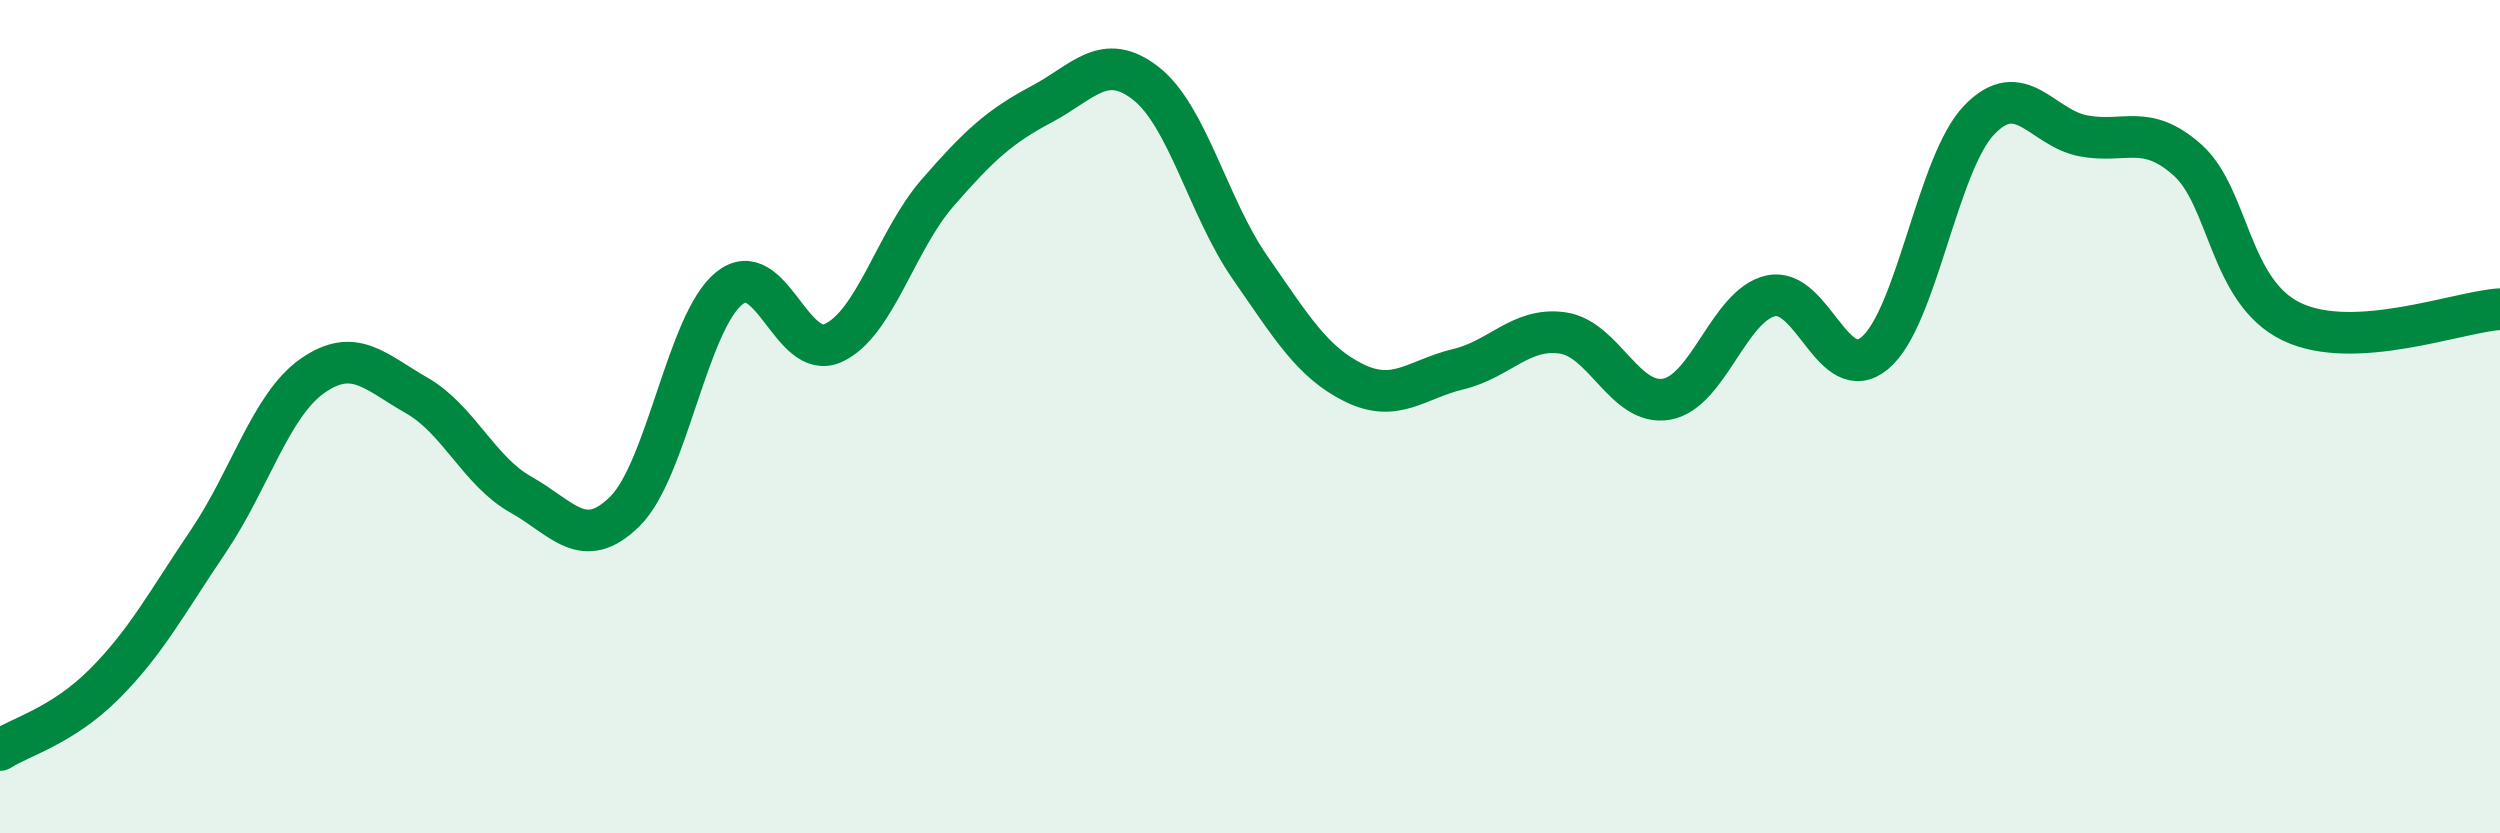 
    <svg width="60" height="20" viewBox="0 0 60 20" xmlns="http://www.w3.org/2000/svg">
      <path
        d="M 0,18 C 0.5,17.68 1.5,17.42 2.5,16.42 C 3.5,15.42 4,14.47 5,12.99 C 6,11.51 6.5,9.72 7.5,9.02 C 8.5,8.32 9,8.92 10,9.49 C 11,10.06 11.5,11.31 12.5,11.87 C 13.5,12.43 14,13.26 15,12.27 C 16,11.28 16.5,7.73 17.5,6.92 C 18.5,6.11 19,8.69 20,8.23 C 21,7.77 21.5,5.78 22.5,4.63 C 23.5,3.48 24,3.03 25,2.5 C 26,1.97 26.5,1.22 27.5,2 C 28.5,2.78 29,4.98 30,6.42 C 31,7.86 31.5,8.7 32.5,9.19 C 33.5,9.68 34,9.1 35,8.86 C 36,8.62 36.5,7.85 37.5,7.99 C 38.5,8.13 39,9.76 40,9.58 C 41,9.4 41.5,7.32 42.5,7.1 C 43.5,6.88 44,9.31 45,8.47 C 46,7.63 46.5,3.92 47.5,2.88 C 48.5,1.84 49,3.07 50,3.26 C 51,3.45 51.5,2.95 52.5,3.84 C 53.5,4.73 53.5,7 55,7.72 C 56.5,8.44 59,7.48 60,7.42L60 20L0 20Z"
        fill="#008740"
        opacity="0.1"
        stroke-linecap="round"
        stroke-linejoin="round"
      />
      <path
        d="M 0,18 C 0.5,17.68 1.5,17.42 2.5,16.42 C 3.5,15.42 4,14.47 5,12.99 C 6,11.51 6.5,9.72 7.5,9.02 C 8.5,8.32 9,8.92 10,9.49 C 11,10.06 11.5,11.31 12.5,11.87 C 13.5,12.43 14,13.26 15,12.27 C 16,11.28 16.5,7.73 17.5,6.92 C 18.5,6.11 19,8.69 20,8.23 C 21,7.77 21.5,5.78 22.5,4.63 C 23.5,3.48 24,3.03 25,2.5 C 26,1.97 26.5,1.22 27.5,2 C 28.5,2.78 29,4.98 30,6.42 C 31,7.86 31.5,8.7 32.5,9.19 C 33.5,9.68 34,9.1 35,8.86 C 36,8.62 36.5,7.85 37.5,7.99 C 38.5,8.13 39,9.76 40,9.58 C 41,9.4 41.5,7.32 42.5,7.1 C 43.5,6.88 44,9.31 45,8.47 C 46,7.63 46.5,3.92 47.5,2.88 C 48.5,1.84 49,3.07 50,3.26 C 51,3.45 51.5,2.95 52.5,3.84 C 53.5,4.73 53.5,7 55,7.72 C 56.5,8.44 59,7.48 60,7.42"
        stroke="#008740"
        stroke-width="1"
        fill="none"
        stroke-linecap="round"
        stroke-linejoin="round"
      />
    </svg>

* What is needed:
Transcribe the material above in full. No picture is to be copied.

* Your solution:
    <svg width="60" height="20" viewBox="0 0 60 20" xmlns="http://www.w3.org/2000/svg">
      <path
        d="M 0,18 C 0.5,17.68 1.5,17.42 2.5,16.42 C 3.5,15.42 4,14.47 5,12.99 C 6,11.51 6.5,9.72 7.5,9.02 C 8.5,8.32 9,8.92 10,9.49 C 11,10.06 11.5,11.31 12.5,11.87 C 13.5,12.43 14,13.26 15,12.27 C 16,11.28 16.5,7.73 17.5,6.92 C 18.5,6.11 19,8.69 20,8.23 C 21,7.77 21.5,5.78 22.5,4.63 C 23.5,3.48 24,3.03 25,2.5 C 26,1.97 26.5,1.22 27.5,2 C 28.5,2.78 29,4.98 30,6.42 C 31,7.86 31.5,8.7 32.5,9.19 C 33.5,9.68 34,9.1 35,8.86 C 36,8.62 36.5,7.85 37.5,7.99 C 38.5,8.13 39,9.76 40,9.58 C 41,9.4 41.5,7.32 42.5,7.1 C 43.5,6.88 44,9.31 45,8.47 C 46,7.63 46.5,3.92 47.5,2.88 C 48.5,1.84 49,3.07 50,3.26 C 51,3.45 51.5,2.95 52.5,3.84 C 53.5,4.73 53.5,7 55,7.72 C 56.5,8.44 59,7.48 60,7.42L60 20L0 20Z"
        fill="#008740"
        opacity="0.1"
        stroke-linecap="round"
        stroke-linejoin="round"
      />
      <path
        d="M 0,18 C 0.5,17.68 1.5,17.42 2.5,16.42 C 3.5,15.42 4,14.47 5,12.99 C 6,11.51 6.5,9.72 7.5,9.02 C 8.5,8.32 9,8.92 10,9.49 C 11,10.06 11.5,11.31 12.5,11.87 C 13.5,12.43 14,13.26 15,12.27 C 16,11.28 16.5,7.73 17.5,6.92 C 18.5,6.11 19,8.69 20,8.23 C 21,7.77 21.5,5.78 22.5,4.63 C 23.5,3.48 24,3.03 25,2.5 C 26,1.97 26.5,1.22 27.5,2 C 28.5,2.78 29,4.98 30,6.42 C 31,7.86 31.5,8.7 32.5,9.19 C 33.5,9.68 34,9.1 35,8.86 C 36,8.62 36.5,7.85 37.5,7.99 C 38.5,8.13 39,9.76 40,9.58 C 41,9.4 41.5,7.32 42.5,7.1 C 43.5,6.88 44,9.31 45,8.47 C 46,7.63 46.5,3.92 47.5,2.88 C 48.5,1.84 49,3.07 50,3.26 C 51,3.45 51.5,2.95 52.5,3.84 C 53.5,4.73 53.5,7 55,7.72 C 56.5,8.44 59,7.48 60,7.42"
        stroke="#008740"
        stroke-width="1"
        fill="none"
        stroke-linecap="round"
        stroke-linejoin="round"
      />
    </svg>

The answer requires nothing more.